Sentadas en un lugar poco visible, mamá pidió algunas exquisiteces, empanadas, pajaritos dulces, un trozo de carne asada con papas fritas y un gran vaso de bebida.
De pronto se acercó a nuestra mesa un muchacho que, con toda gentileza, me invitó a bailar una cueca. Yo ni siquiera me había planteado la posibilidad de que eso ocurriera, le pedí disculpas, abochornada. No sabía qué era una “media luna” o una "vuelta en ocho", o sea, nada del tema. El no insistió y me sentí un poco apenada cuando se alejó entre las mesas buscando otra pareja.

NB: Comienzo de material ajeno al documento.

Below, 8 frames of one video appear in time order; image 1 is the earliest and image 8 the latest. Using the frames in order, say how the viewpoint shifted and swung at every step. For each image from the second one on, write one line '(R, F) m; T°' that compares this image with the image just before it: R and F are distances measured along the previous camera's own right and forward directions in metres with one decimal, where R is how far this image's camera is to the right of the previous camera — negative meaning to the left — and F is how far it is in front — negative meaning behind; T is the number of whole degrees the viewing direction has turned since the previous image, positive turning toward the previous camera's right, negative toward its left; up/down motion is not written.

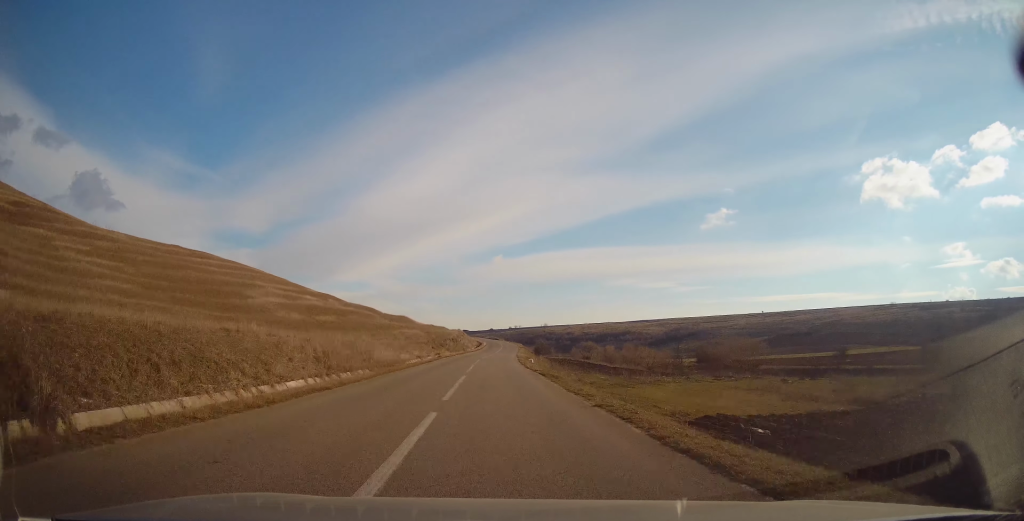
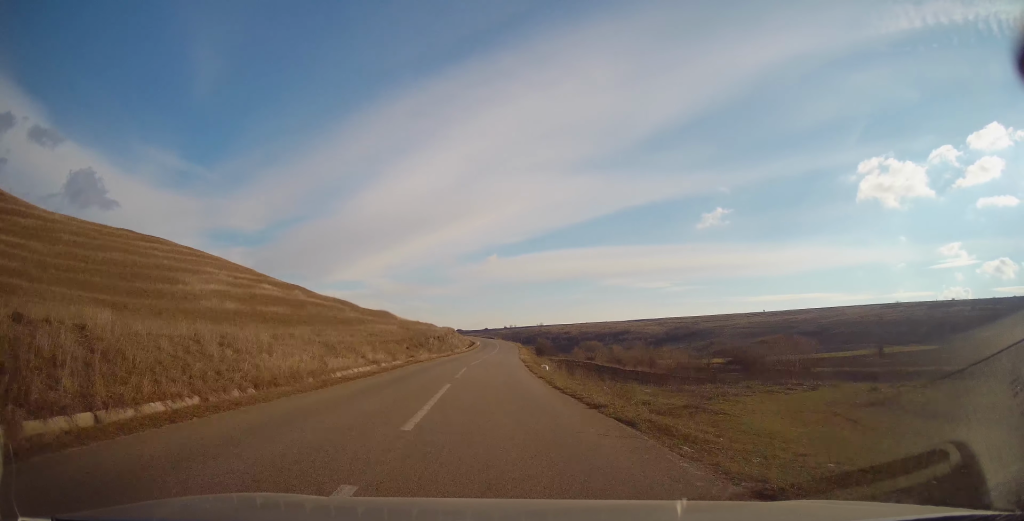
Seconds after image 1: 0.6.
(-0.2, +16.3) m; 0°
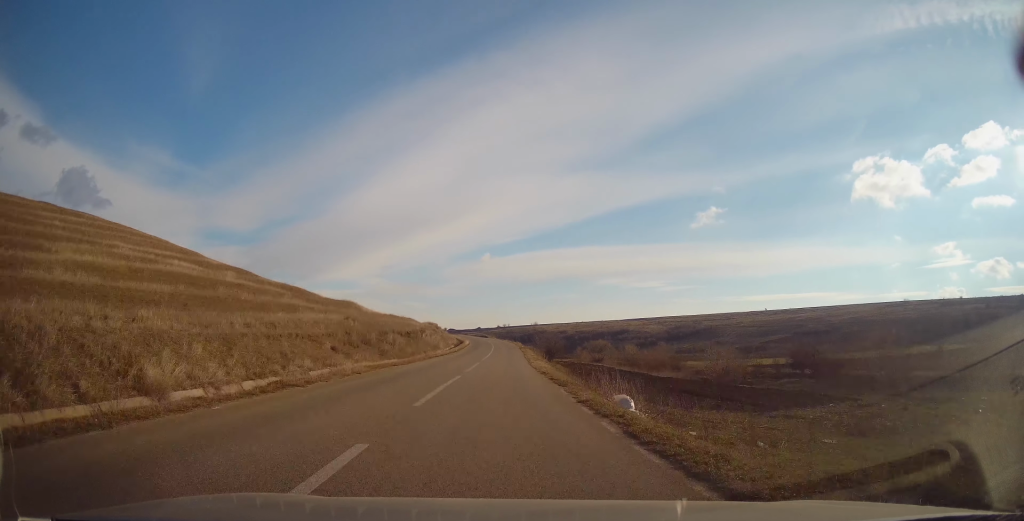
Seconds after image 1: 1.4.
(+0.1, +20.9) m; +1°
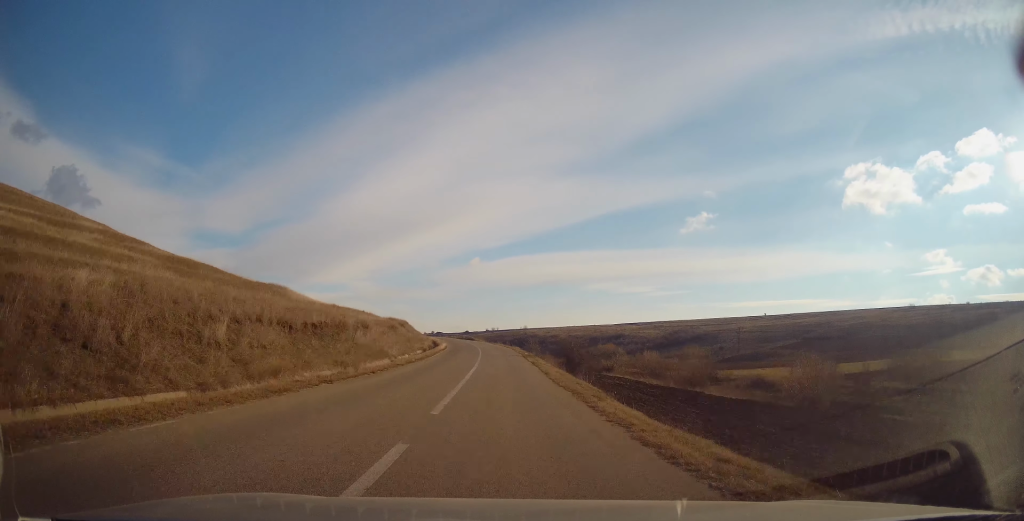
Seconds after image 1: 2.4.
(+0.4, +24.5) m; +1°
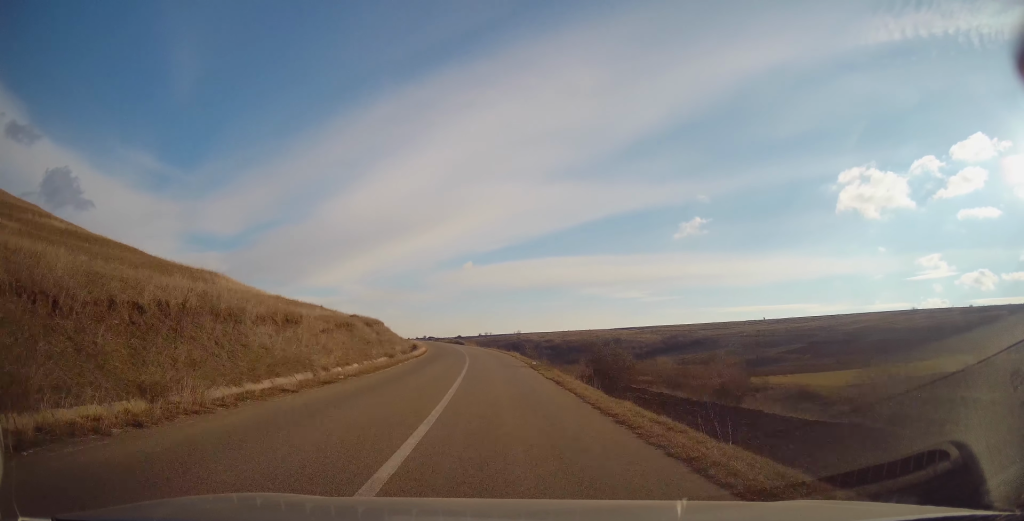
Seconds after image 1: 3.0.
(0.0, +13.3) m; 0°
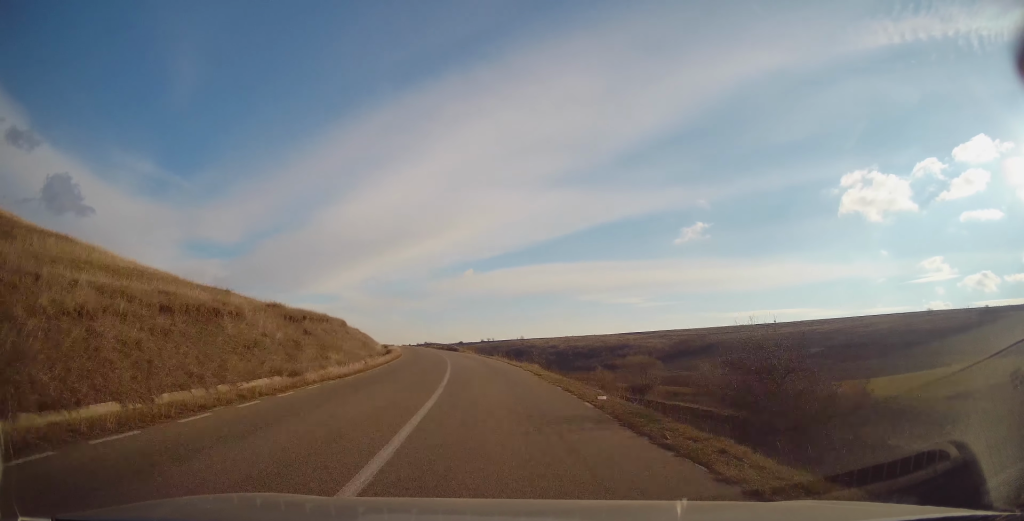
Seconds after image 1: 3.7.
(-0.1, +18.0) m; -1°
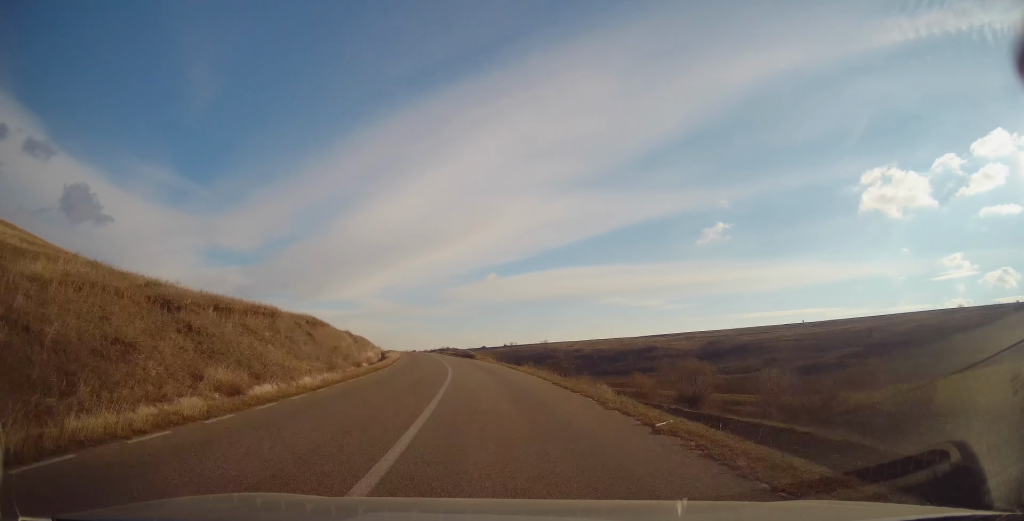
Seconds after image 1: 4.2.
(0.0, +12.9) m; -1°
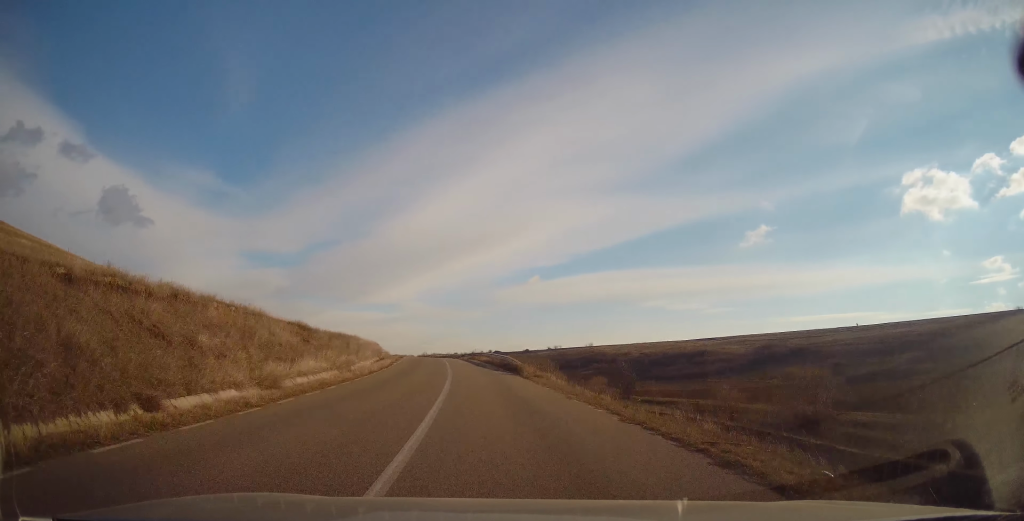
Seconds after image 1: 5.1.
(-0.4, +23.1) m; -3°

En el día de mi cumpleaños Nº 18, mamá por primera vez me regaló música. No era costumbre en nuestra casa, por lo general silenciosa y solitaria, se escucharan canciones, mucho menos cuecas. Ella trabajaba todos los días, yo al colegio y mi tío en algún lugar por ahí, siempre de entrada y salida; lo normal era oír algún programa de radio o algunos himnos tradicionales.

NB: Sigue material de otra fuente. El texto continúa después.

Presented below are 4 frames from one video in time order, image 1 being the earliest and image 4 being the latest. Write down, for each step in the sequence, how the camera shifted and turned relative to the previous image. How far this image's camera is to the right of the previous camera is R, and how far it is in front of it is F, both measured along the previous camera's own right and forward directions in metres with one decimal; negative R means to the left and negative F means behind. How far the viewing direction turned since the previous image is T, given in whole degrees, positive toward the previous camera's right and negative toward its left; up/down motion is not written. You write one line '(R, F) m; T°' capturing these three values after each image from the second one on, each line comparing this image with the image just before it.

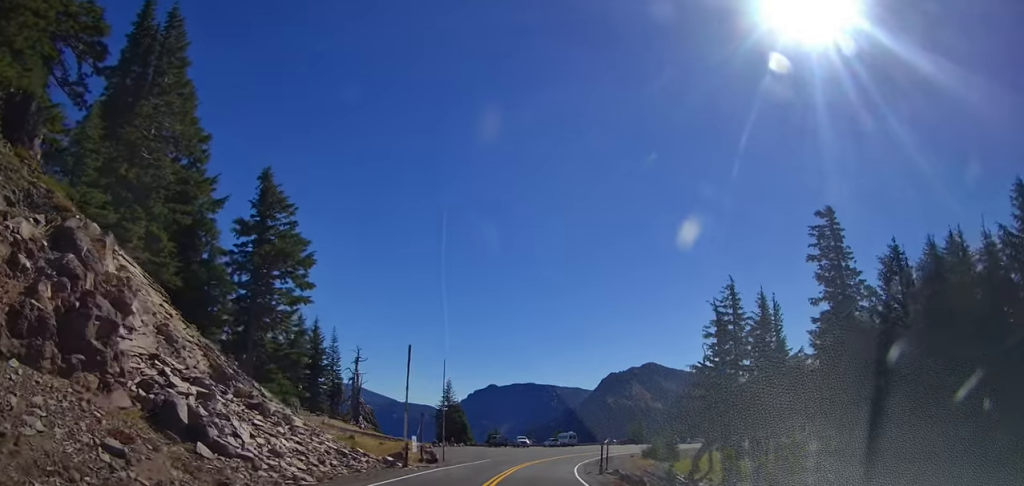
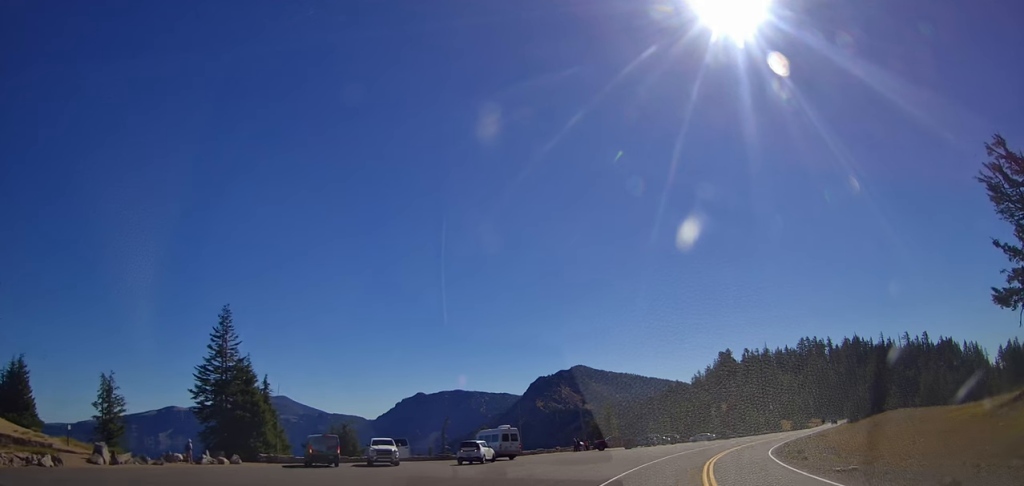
(+4.5, +59.5) m; +11°
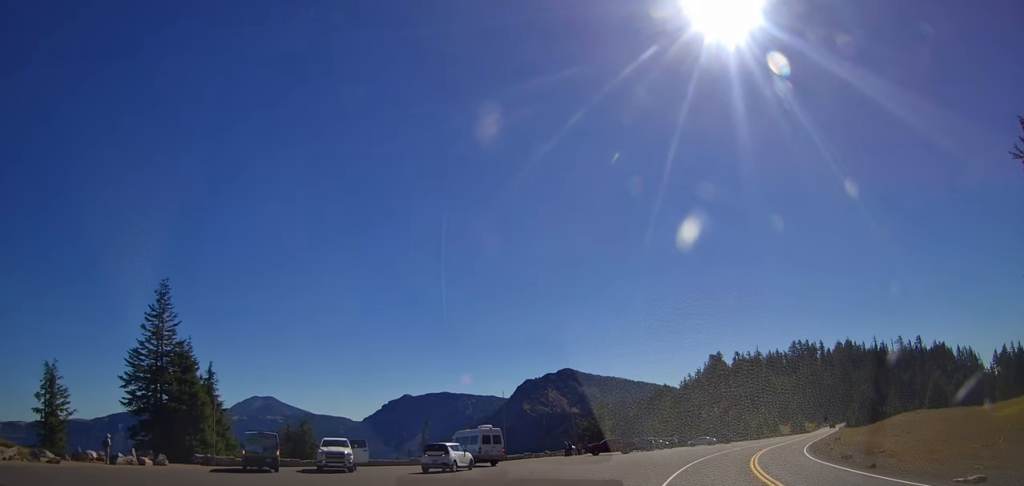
(-0.1, +7.1) m; 0°
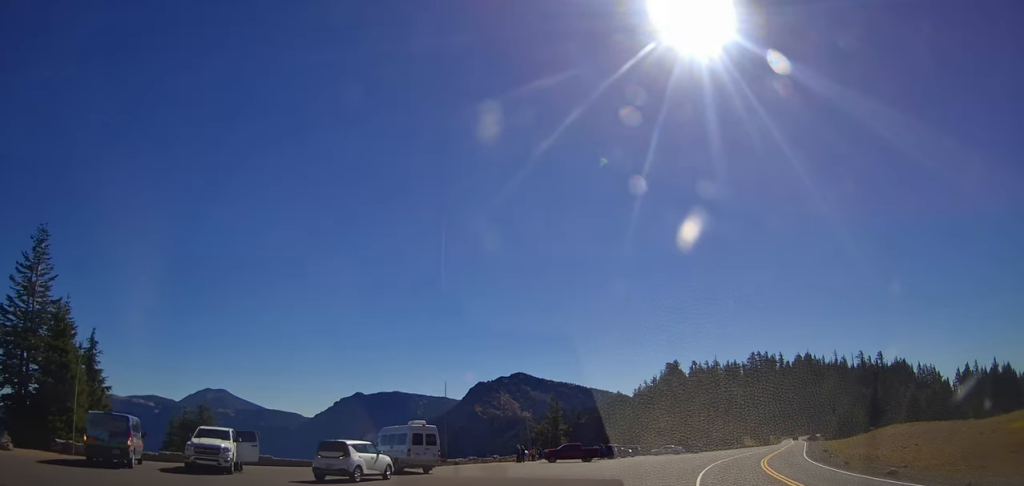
(-0.2, +8.3) m; +2°

Recuerdo el momento cuando mi madre alargó su mano con un paquete primorosamente envuelto. Era un compilado de cuecas. “Para que nunca más pases vergüenza”, me dijo. Y, aunque en nuestro mundo evangélico no se bailaba por considerarlo demasiado "mundano", ella superó esa norma. Me costó bastante tiempo aprender a mover los pies y vencer mis prejuicios, y creo que ese ha sido -con todo lo que significa- uno de los mejores regalos de cumpleaños que he recibido.
2 comentarios:
Linda historia y bien contada, como siempre. Sigo leyéndote con gusto ;)
Gracias!, como siempre me tratas con benevolencia.